Para os infelizes eu não precisaria traduzir, mas para os felizes, a tradução se faz necessária: “ todo aquele que é capaz de  estabelecer uma conexão adequada entre os seus neurônios, não é programado para ser feliz.” É próprio da condição humana – uma dose saudável de infelicidade naturalmente alcançada, a dura penas cultivada, a muitas lágrimas regada. Um dia, pacientemente, ela brota e isso é o selo da divina humanidade.  
 
 Kant,  ao que se sabe,  é figura festejadíssima no eixo Paris-Milão-Rio-São Paulo-Berlim.
 
 Em Cruzeiro do Oeste, não é muito, não. A moçada aqui não conhece esse tal de Kant.  Até porque juntei o povo dessa cidade e os ensinei a ver  alguns erros básicos, de ordem metafísica, na proposição existencial de Kant. Apresento agora a vocês os erros que identifiquei:
 
 Deus nos criou para a felicidade. Deus fez o homem com a corda toda para a felicidade, para a “amarelinha” num pé só,   para os jogos lúdicos que a vida proporciona. Da mesma forma como a criança nasce apenas sendo, sem indagar os seus motivos de ser, Deus nos projetou para a felicidade não abstrativa. Para as felicidades concretas.
 
Comer por exemplo, é um ato de extrema concretude. Pois é: Deus nos fez para comer. Deus também nos fez para amar. Amar é uma brincadeira que emociona e dá colorido à vida e rubor às  faces.  Deus também nos fez para sentar no banco do jardim, conversar,  e exibir na cara uma santa bobeira. E para fazer música: também para fazer música. A dança seria consequência - pois então, Deus também nos fez para dançar.  
 
 Todo bobo é feliz. Deus nos fez bobos, parvos, resumidos e portanto, felizes. Mas a condição de bobeira crônica foi considerada um ultraje à nossa capacidade evolutiva. O capeta sugeriu que pensar adequadamente seria melhor do que viver simplesmente. Escolhemos pensar, pois. E o pensar- pois-  nos trouxe para a categoria dos seres que evoluem, pois. 
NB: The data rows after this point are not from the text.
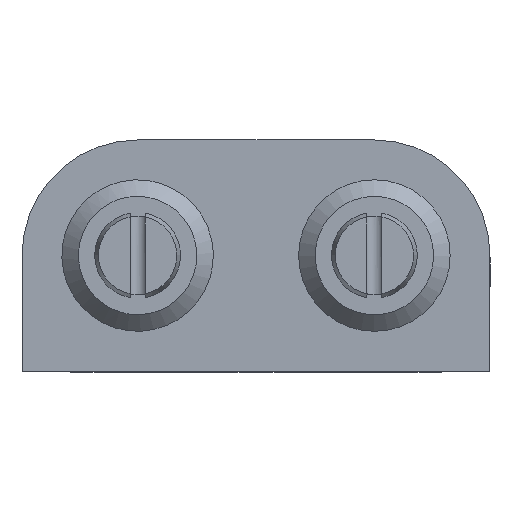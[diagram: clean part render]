
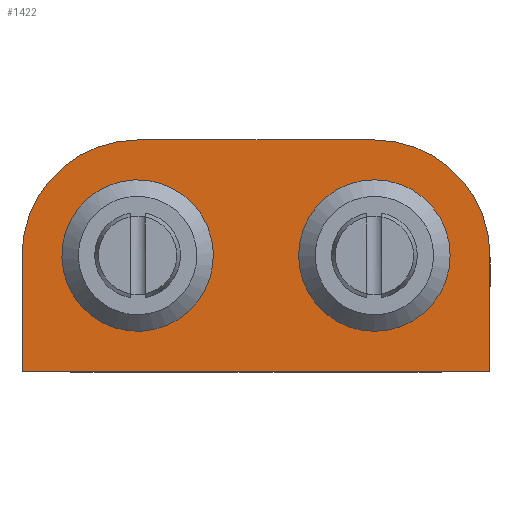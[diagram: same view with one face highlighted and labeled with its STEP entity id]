
A CAD part, top view. The second image highlights one B-rep face of the part: STEP entity #1422.
In plain terms, the highlighted planar face has unit normal (0, 0, 1).
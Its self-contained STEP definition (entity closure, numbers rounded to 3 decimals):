
#197=CARTESIAN_POINT('',(18.9,-6.225,0.0));
#198=VERTEX_POINT('',#197);
#205=CARTESIAN_POINT('',(-6.2,-6.225,0.0));
#206=VERTEX_POINT('',#205);
#207=CARTESIAN_POINT('',(18.9,-6.225,0.0));
#208=DIRECTION('',(-1.0,0.0,0.0));
#209=VECTOR('',#208,25.1);
#210=LINE('',#207,#209);
#211=EDGE_CURVE('',#198,#206,#210,.T.);
#1259=CARTESIAN_POINT('',(18.9,0.,0.0));
#1260=VERTEX_POINT('',#1259);
#1267=CARTESIAN_POINT('',(18.9,0.,0.0));
#1268=DIRECTION('',(0.0,-1.0,0.0));
#1269=VECTOR('',#1268,6.225);
#1270=LINE('',#1267,#1269);
#1271=EDGE_CURVE('',#1260,#198,#1270,.T.);
#1359=CARTESIAN_POINT('',(6.35,-0.588,0.0));
#1360=DIRECTION('',(0.0,0.0,1.0));
#1361=DIRECTION('',(1.0,0.0,0.0));
#1362=AXIS2_PLACEMENT_3D('',#1359,#1360,#1361);
#1363=PLANE('',#1362);
#1364=CARTESIAN_POINT('',(-6.2,0.,0.0));
#1365=VERTEX_POINT('',#1364);
#1366=CARTESIAN_POINT('',(-6.2,-6.225,0.0));
#1367=DIRECTION('',(0.0,1.0,0.0));
#1368=VECTOR('',#1367,6.225);
#1369=LINE('',#1366,#1368);
#1370=EDGE_CURVE('',#206,#1365,#1369,.T.);
#1371=ORIENTED_EDGE('',*,*,#1370,.F.);
#1372=ORIENTED_EDGE('',*,*,#211,.F.);
#1373=ORIENTED_EDGE('',*,*,#1271,.F.);
#1374=CARTESIAN_POINT('',(12.7,6.2,0.0));
#1375=VERTEX_POINT('',#1374);
#1376=CARTESIAN_POINT('',(12.7,0.,0.0));
#1377=DIRECTION('',(0.0,0.0,-1.0));
#1378=DIRECTION('',(-1.0,0.0,0.0));
#1379=AXIS2_PLACEMENT_3D('',#1376,#1377,#1378);
#1380=CIRCLE('',#1379,6.2);
#1381=EDGE_CURVE('',#1375,#1260,#1380,.T.);
#1382=ORIENTED_EDGE('',*,*,#1381,.F.);
#1383=CARTESIAN_POINT('',(0.,6.2,0.0));
#1384=VERTEX_POINT('',#1383);
#1385=CARTESIAN_POINT('',(0.0,6.2,0.0));
#1386=DIRECTION('',(1.0,0.0,0.0));
#1387=VECTOR('',#1386,12.7);
#1388=LINE('',#1385,#1387);
#1389=EDGE_CURVE('',#1384,#1375,#1388,.T.);
#1390=ORIENTED_EDGE('',*,*,#1389,.F.);
#1391=CARTESIAN_POINT('',(0.,0.,0.0));
#1392=DIRECTION('',(0.0,0.0,-1.0));
#1393=DIRECTION('',(0.0,-1.0,0.0));
#1394=AXIS2_PLACEMENT_3D('',#1391,#1392,#1393);
#1395=CIRCLE('',#1394,6.2);
#1396=EDGE_CURVE('',#1365,#1384,#1395,.T.);
#1397=ORIENTED_EDGE('',*,*,#1396,.F.);
#1398=EDGE_LOOP('',(#1371,#1372,#1373,#1382,#1390,#1397));
#1399=FACE_OUTER_BOUND('',#1398,.T.);
#1400=CARTESIAN_POINT('',(12.7,4.064,0.0));
#1401=VERTEX_POINT('',#1400);
#1402=CARTESIAN_POINT('',(12.7,0.0,0.0));
#1403=DIRECTION('',(0.0,0.0,1.0));
#1404=DIRECTION('',(0.0,-1.0,0.0));
#1405=AXIS2_PLACEMENT_3D('',#1402,#1403,#1404);
#1406=CIRCLE('',#1405,4.064);
#1407=EDGE_CURVE('',#1401,#1401,#1406,.T.);
#1408=ORIENTED_EDGE('',*,*,#1407,.F.);
#1409=EDGE_LOOP('',(#1408));
#1410=FACE_BOUND('',#1409,.T.);
#1411=CARTESIAN_POINT('',(-3.433,-2.175,0.));
#1412=VERTEX_POINT('',#1411);
#1413=CARTESIAN_POINT('',(0.0,0.0,0.0));
#1414=DIRECTION('',(0.0,0.0,1.0));
#1415=DIRECTION('',(0.0,-1.0,0.0));
#1416=AXIS2_PLACEMENT_3D('',#1413,#1414,#1415);
#1417=CIRCLE('',#1416,4.064);
#1418=EDGE_CURVE('',#1412,#1412,#1417,.T.);
#1419=ORIENTED_EDGE('',*,*,#1418,.F.);
#1420=EDGE_LOOP('',(#1419));
#1421=FACE_BOUND('',#1420,.T.);
#1422=ADVANCED_FACE('',(#1399,#1410,#1421),#1363,.T.);

 Evoluimos então, e continuamos evoluindo então, e essa evolução crônica  tem dado no que deu  e no que ainda se dará: um exército de seres infelizes.
 
 Agora sim, vou corrigir adequadamente o axioma de Kant. Que Kant conseguiu ser infeliz e burro, ao mesmo tempo. A leitura correta é esta: 

“Deus nos deu a felicidade como parte da natureza humana, mas o homem trocou a felicidade pela inteligência.”
 
E aí danou-se tudo.
 
Mas danou-se mais, porque nessa inteligência toda, o homem pensa conseguir assobiar e chupar cana,  com o seu mesmo e único beiço.   Ele pensa poder ser feliz e inteligente. Não dá!
 
Sinto dizer para a macacada toda, que não dá para conciliar os dois parâmetros. Não sem, pelo menos, sacrificar no altar alguns neurônios. E neurônios não são feitos para serem oferecidos como sacrifício no altar. Não por nós. Eles mesmos se oferecem voluntariamente para morrer em um dado tempo, e nesse tempo, não há muita coisa a fazer para contê-los -  quando eles decidem que querem morrer e nos tornar, um pouco, mais felizes, morrem mesmo. 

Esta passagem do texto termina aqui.